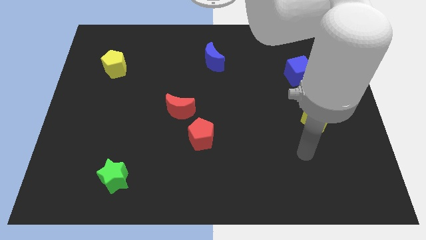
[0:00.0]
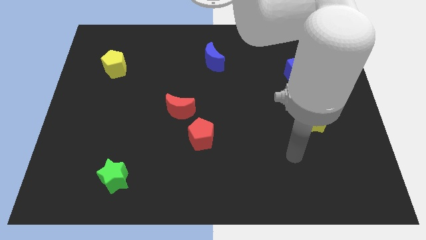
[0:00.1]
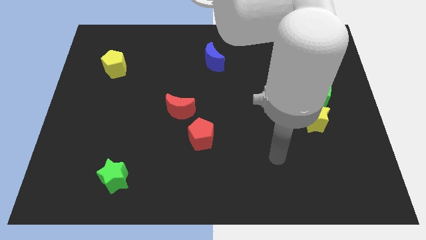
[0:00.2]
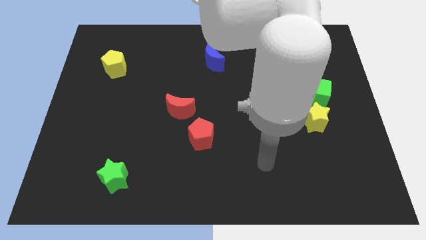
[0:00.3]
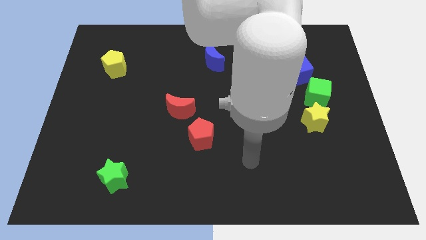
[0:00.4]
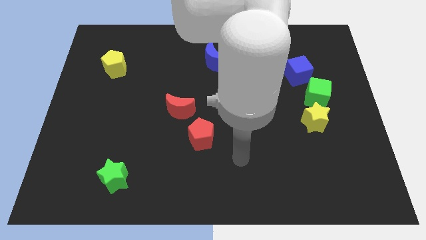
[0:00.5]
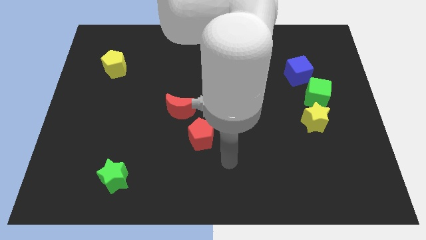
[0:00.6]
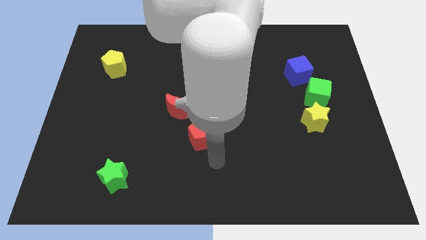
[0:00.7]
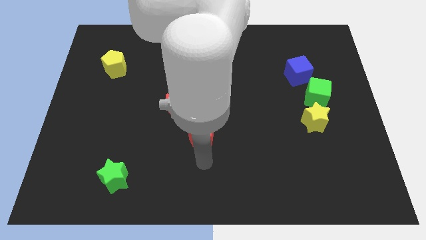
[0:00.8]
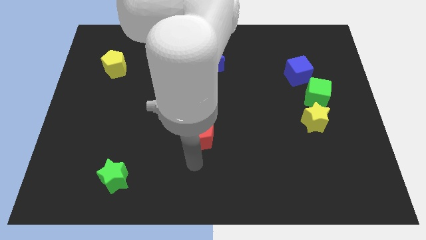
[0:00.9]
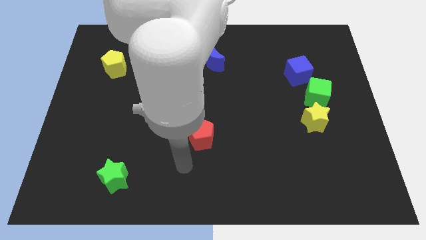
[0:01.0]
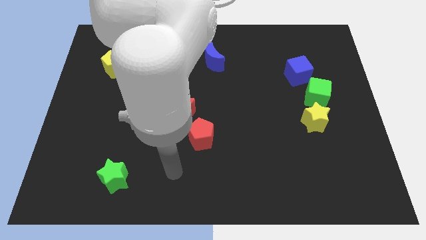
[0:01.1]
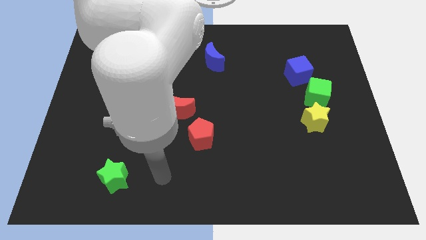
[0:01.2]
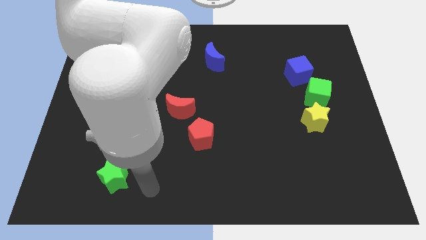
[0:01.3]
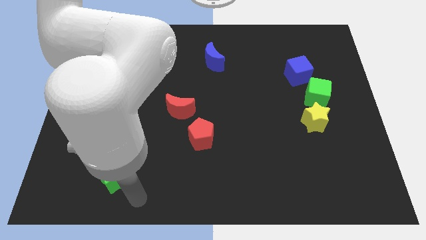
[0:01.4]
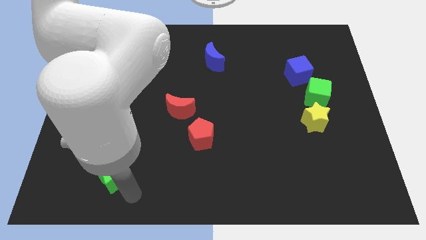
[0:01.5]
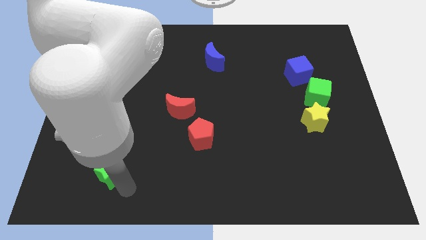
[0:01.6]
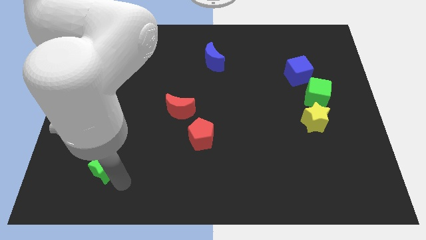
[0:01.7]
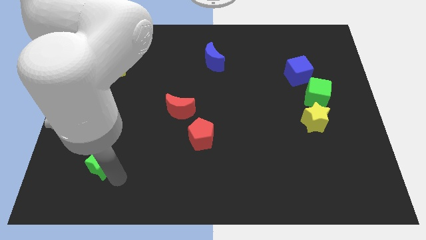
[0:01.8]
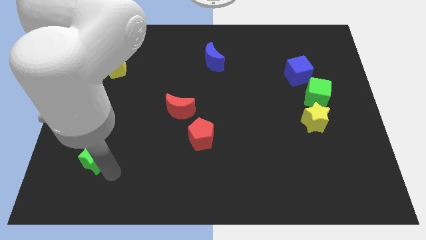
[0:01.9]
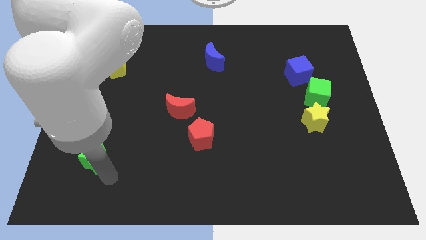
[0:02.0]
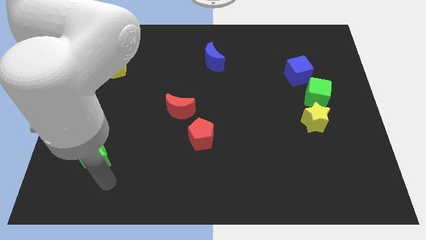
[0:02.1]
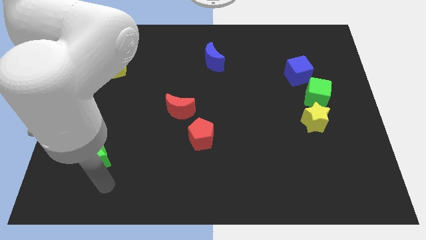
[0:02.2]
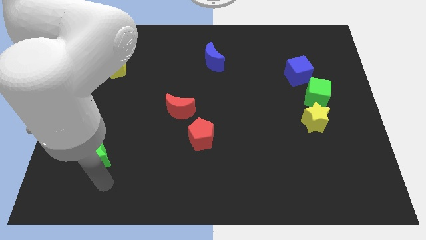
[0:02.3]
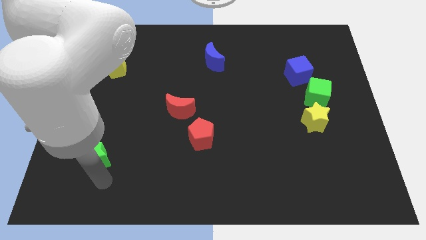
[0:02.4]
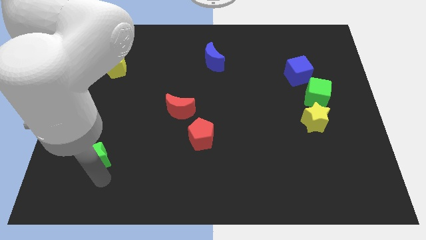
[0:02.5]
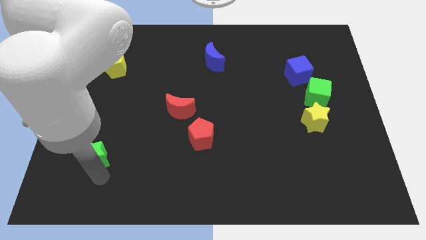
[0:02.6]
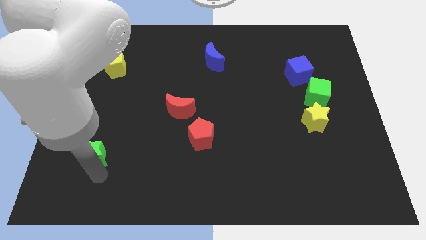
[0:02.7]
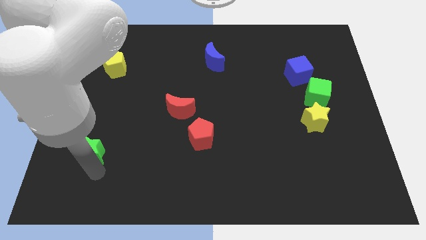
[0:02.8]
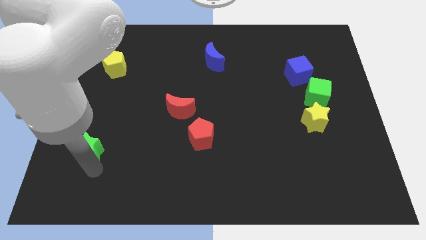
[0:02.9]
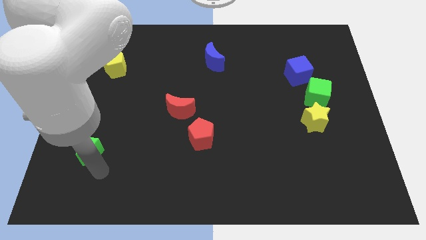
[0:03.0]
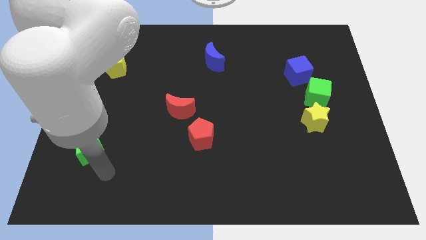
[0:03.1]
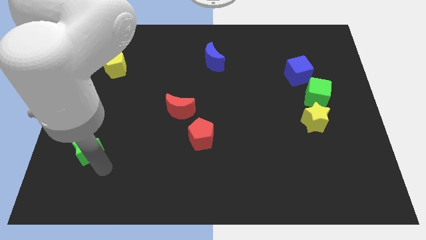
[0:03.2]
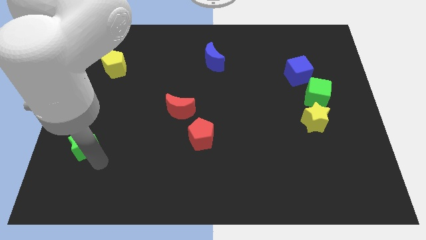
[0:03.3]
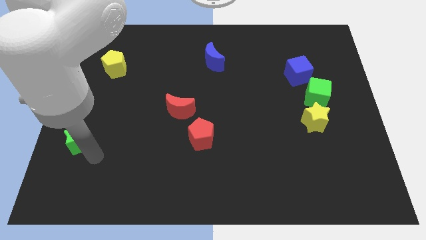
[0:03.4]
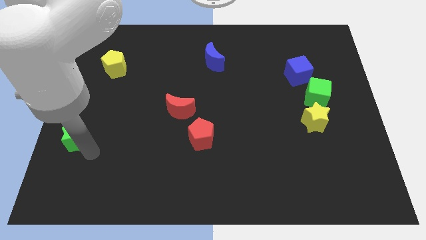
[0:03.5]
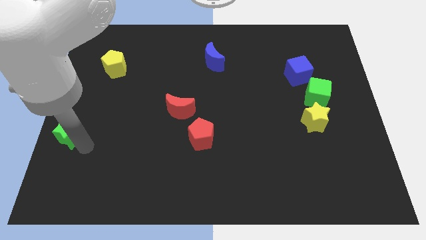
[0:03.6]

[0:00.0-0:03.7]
put the green star to the left side of the board

***

Could you set down the records above word for word, without any of the pictures?

▶ Solution to the problem
[0:00.0]
[0:00.1]
[0:00.2]
[0:00.3]
[0:00.4]
[0:00.5]
[0:00.6]
[0:00.7]
[0:00.8]
[0:00.9]
[0:01.0]
[0:01.1]
[0:01.2]
[0:01.3]
[0:01.4]
[0:01.5]
[0:01.6]
[0:01.7]
[0:01.8]
[0:01.9]
[0:02.0]
[0:02.1]
[0:02.2]
[0:02.3]
[0:02.4]
[0:02.5]
[0:02.6]
[0:02.7]
[0:02.8]
[0:02.9]
[0:03.0]
[0:03.1]
[0:03.2]
[0:03.3]
[0:03.4]
[0:03.5]
[0:03.6]

[0:00.0-0:03.7]
put the green star to the left side of the board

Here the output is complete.